Association of FS in (a) treats, (b) cereals, (c) toppings, and (d) sauces (all %E) with CVD risk. Models are adjusted and presented as indicated in Fig. 1. Abbreviations: %E, Percentage total energy
Sensitivity analyses
FS and intrinsic sugars
The association between FS and HR for CVD remained significant in all sensitivity analyses (Fig. S4a to S9a). Analysing the subgroups of CVD, the shape of the relation between FS and CVD risk was similar for IHD (Fig. S10a) but changed for stroke: the HR-nadir was at 11 %E and a considerable increase of the HR at 0 %E to 1.31 (1.10 to 1.56) was found (Fig. S10b). The relation between intrinsic sugars and CVD risk remained significant in all sensitivity analyses except for the removal of participants with a non-typical diet (Fig. S6b) and when the subgroup of stroke was analysed (Fig. 10d).
FS in beverages and FS in solids
The association between FS in beverages and CVD was virtually identical in all sensitivity analyses (Fig. S4c to S9c) and subgroup analyses (Fig. S10e, f). For FS in solids the significant U-shaped relation remained significant in the subgroup analyses and in all but one sensitivity analysis (Fig. S9d).
FS in beverage subtypes
The findings for FS in soda/fruit drinks, juice, milk-based drinks and tea/coffee were robust in all sensitivity analyses except for FS in milk-based drinks who were not significantly related to stroke incidence (S10n).
FS in solids subtypes
Findings on FS in solids subtypes changed in the following sensitivity analyses: FS in treats were linearly related to CVD when only the first Oxford WebQ was used (Fig. S7i), lost significance when only participants with more than 1 Oxford WebQ were included in the analysis (Fig. S9i), and for stroke the relation became U-shaped (Fig. S10r). FS in cereals remained significantly associated with CVD risk only in two sensitivity analyses (Fig. S5j, S8j). FS in toppings remained significantly associated with CVD morbidity in all sensitivity analyses (Fig. S4k to S9k) and in the subgroup analysis (Fig. S10u, v). FS in sauces remained significantly associated with CVD in two sensitivity analyses (Fig. S6l, S8l). In subgroup analysis, FS in sauces were significantly associated with IHD risk (Fig. 10w) but not with incident stroke (Fig. 10x).
Discussion
Principal findings
This study aims to assess the relationship between FS and incident CVD in a large prospective cohort. The analysis comprehensively examines FS intake from all relevant sources, including beverages and solids, using penalised cubic splines to account for non-linear relationships. FS intake show a J-shaped relationship with CVD risk, reaching the HR-nadir at 9 %E, while intrinsic sugars display a non-linear descending association, with the HR-nadir at 14 %E. There is a significant linear relationship between FS in beverages and HR for incident CVD, while a U-shaped relation can be detected for FS in solids with the lowest risk at 7 %E. FS in soda/fruit drinks, milk-based drinks, and tea/coffee are significantly linearly related with the HR-nadir at 0 %E, while juice shows a U-shaped association with the lowest HR at 5 %E. FS in treats show a J-shaped relation with the HR-nadir at 5 %E while FS in cereals are linearly associated with CVD risk. FS in toppings and sauces exhibit a U-shaped pattern with the HR-nadir at 3 %E and 0.5 %E, respectively. Major findings remain robust in various sensitivity analyses. Since results including the diet quality score as a covariate are not substantially different as compared to the main analyses, the association between FS subtypes and CVD risk cannot be simply explained by overall diet quality.

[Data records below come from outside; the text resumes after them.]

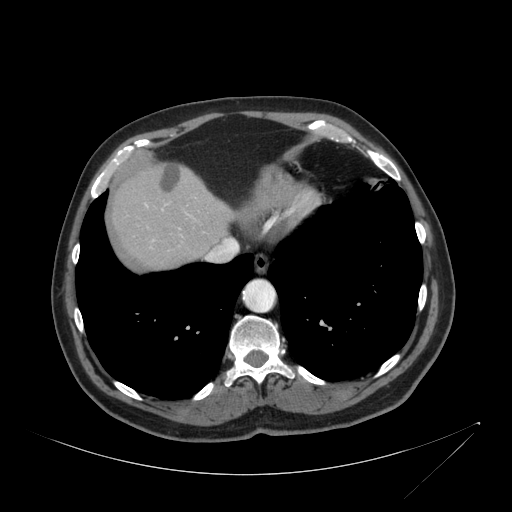
CT scan slice

liver: box(111, 162, 234, 266)
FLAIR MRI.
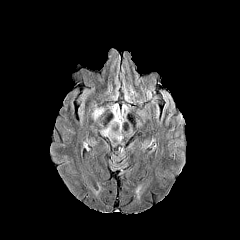
T1-weighted MRI.
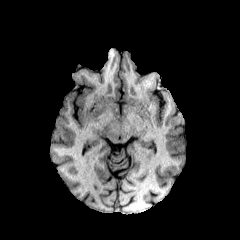
Post-contrast T1-weighted MR image.
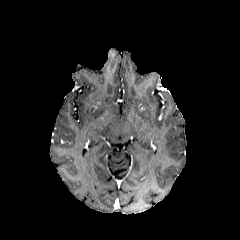
T2-weighted magnetic resonance.
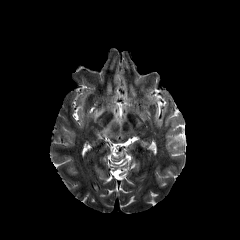
Brain
edema:
  - region(94, 108, 102, 118)
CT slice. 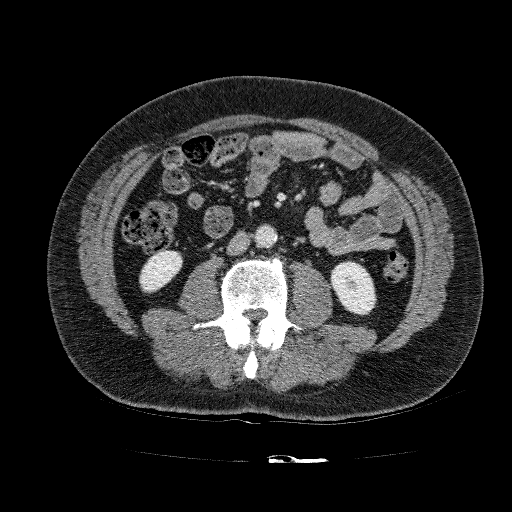

Kidney: x1=331 y1=262 x2=375 y2=314, x1=140 y1=251 x2=181 y2=291.

Comparison with other studies
Other studies focusing on added sugars or FS have reached inconclusive results [40,41,42,43]. Our findings align with a Swedish report that observes a U-shaped trend for added sugars and incident stroke with the lowest risk for consumers in the 7.5 %E to 10 %E group and an increasing risk among the lowest and highest intake groups [40]. In a meta-analysis, a threshold for harm is identified for added sugars at 13 %E in relation to CVD mortality; however, the evidence is rated as low to very low certainty [41]. A study in 109,034 women from the Women’s Health Initiative shows that the consumption of added sugars of ≥15.0 %E is positively associated with total CVD and IHD risk [42]. However, another recent study in Canadians does not show conclusive associations for FS above vs. below a threshold of 10 %E [44]. In a previous well-conducted study in UK Biobank participants, each 5 %E increment of FS intake is positively associated with CVD, IHD, and stroke incidence [43]. Taking these and the current results into consideration, FS intake appears not to be linearly related to CVD risk but limiting FS consumption to no more than 10 %E might be beneficial for CVD prevention.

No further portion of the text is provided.